Exercise instructions> Find the line with "བཅུ་པ་ནི། ཕྱག་འཚལ། གང་ལ་ན།" in the entries below, then reproduce it and every line after it down to and including the line with "བཅུ་གཅིག་པ་ནི། ཕྱག་འཚལ། གང་ལ་ན།", exactly.
■ ■ ■
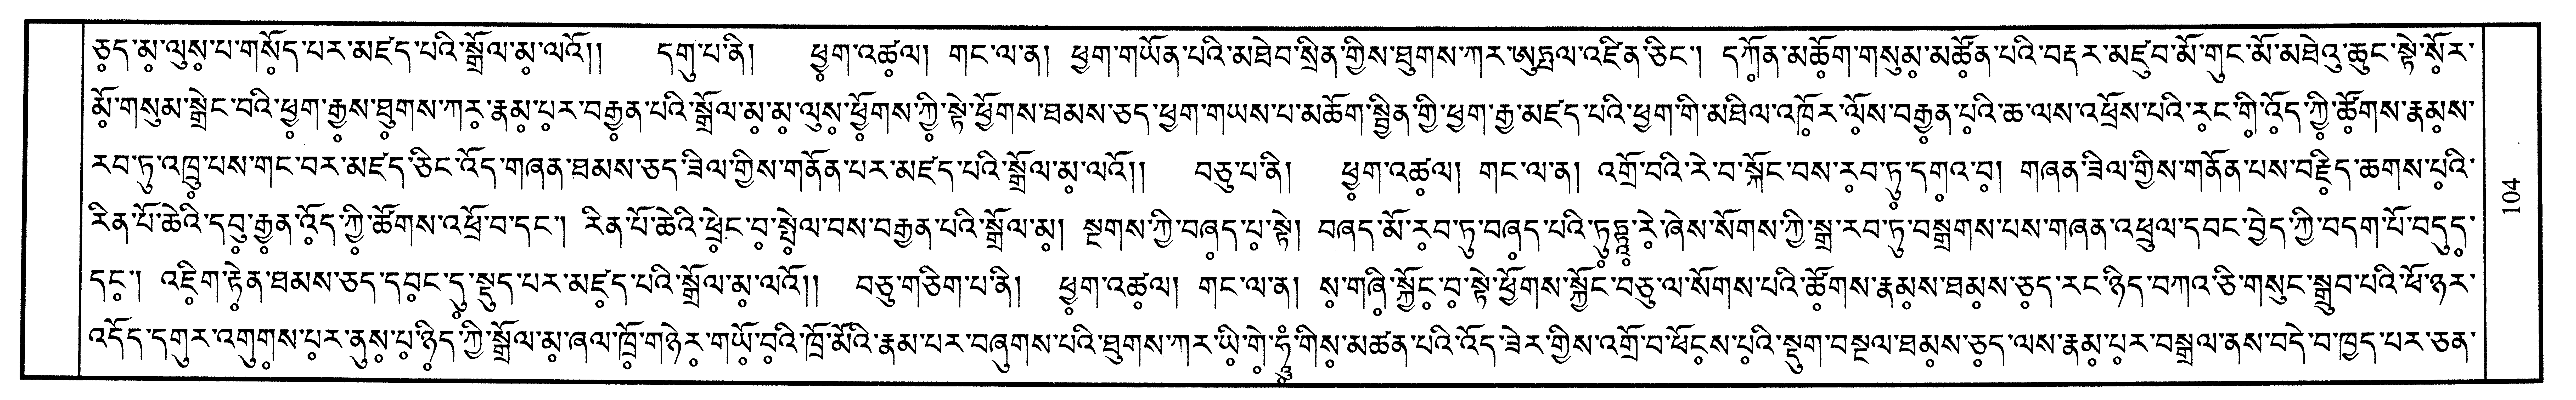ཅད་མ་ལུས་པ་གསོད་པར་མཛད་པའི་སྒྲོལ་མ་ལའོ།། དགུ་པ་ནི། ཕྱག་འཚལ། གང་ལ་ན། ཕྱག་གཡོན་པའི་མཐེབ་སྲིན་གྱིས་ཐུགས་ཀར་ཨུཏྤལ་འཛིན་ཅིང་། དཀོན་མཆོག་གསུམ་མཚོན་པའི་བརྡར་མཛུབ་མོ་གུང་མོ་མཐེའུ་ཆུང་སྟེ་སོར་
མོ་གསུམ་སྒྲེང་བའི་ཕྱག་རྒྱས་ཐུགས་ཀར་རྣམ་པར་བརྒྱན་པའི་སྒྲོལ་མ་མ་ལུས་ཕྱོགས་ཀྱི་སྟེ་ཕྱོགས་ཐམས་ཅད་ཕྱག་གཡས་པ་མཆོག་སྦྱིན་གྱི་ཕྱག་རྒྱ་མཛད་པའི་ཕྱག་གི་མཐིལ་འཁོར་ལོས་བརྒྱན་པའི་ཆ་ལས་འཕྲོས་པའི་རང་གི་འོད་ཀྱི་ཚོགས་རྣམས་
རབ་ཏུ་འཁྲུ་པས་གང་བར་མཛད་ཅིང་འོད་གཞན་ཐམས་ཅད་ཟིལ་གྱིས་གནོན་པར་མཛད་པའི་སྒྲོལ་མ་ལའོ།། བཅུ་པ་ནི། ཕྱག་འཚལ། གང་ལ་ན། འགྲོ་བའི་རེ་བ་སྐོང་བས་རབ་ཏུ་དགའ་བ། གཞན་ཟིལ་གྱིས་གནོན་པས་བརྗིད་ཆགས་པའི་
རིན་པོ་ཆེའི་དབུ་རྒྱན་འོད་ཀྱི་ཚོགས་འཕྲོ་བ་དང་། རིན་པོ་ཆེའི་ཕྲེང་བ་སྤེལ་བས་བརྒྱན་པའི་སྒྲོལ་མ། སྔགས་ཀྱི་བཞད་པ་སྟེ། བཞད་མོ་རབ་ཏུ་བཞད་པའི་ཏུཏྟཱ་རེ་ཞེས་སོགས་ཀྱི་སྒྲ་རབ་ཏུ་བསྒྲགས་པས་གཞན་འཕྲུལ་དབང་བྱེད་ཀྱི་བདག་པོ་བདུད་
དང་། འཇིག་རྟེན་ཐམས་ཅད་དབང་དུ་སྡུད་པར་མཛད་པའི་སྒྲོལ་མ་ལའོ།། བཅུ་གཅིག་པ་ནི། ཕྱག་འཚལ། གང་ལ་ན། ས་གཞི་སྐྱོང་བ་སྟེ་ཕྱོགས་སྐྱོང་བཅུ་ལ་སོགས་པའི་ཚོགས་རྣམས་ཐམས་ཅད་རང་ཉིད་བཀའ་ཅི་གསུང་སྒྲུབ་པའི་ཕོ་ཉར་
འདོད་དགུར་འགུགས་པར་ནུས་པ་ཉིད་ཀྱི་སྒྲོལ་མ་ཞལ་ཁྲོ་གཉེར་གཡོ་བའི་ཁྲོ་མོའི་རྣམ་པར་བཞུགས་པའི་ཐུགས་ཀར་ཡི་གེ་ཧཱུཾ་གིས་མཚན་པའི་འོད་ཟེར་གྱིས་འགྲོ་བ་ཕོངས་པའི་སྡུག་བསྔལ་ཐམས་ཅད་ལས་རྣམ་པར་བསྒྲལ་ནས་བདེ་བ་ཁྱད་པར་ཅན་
■ ■ ■
Finished exercise>
རབ་ཏུ་འཁྲུ་པས་གང་བར་མཛད་ཅིང་འོད་གཞན་ཐམས་ཅད་ཟིལ་གྱིས་གནོན་པར་མཛད་པའི་སྒྲོལ་མ་ལའོ།། བཅུ་པ་ནི། ཕྱག་འཚལ། གང་ལ་ན། འགྲོ་བའི་རེ་བ་སྐོང་བས་རབ་ཏུ་དགའ་བ། གཞན་ཟིལ་གྱིས་གནོན་པས་བརྗིད་ཆགས་པའི་
རིན་པོ་ཆེའི་དབུ་རྒྱན་འོད་ཀྱི་ཚོགས་འཕྲོ་བ་དང་། རིན་པོ་ཆེའི་ཕྲེང་བ་སྤེལ་བས་བརྒྱན་པའི་སྒྲོལ་མ། སྔགས་ཀྱི་བཞད་པ་སྟེ། བཞད་མོ་རབ་ཏུ་བཞད་པའི་ཏུཏྟཱ་རེ་ཞེས་སོགས་ཀྱི་སྒྲ་རབ་ཏུ་བསྒྲགས་པས་གཞན་འཕྲུལ་དབང་བྱེད་ཀྱི་བདག་པོ་བདུད་
དང་། འཇིག་རྟེན་ཐམས་ཅད་དབང་དུ་སྡུད་པར་མཛད་པའི་སྒྲོལ་མ་ལའོ།། བཅུ་གཅིག་པ་ནི། ཕྱག་འཚལ། གང་ལ་ན། ས་གཞི་སྐྱོང་བ་སྟེ་ཕྱོགས་སྐྱོང་བཅུ་ལ་སོགས་པའི་ཚོགས་རྣམས་ཐམས་ཅད་རང་ཉིད་བཀའ་ཅི་གསུང་སྒྲུབ་པའི་ཕོ་ཉར་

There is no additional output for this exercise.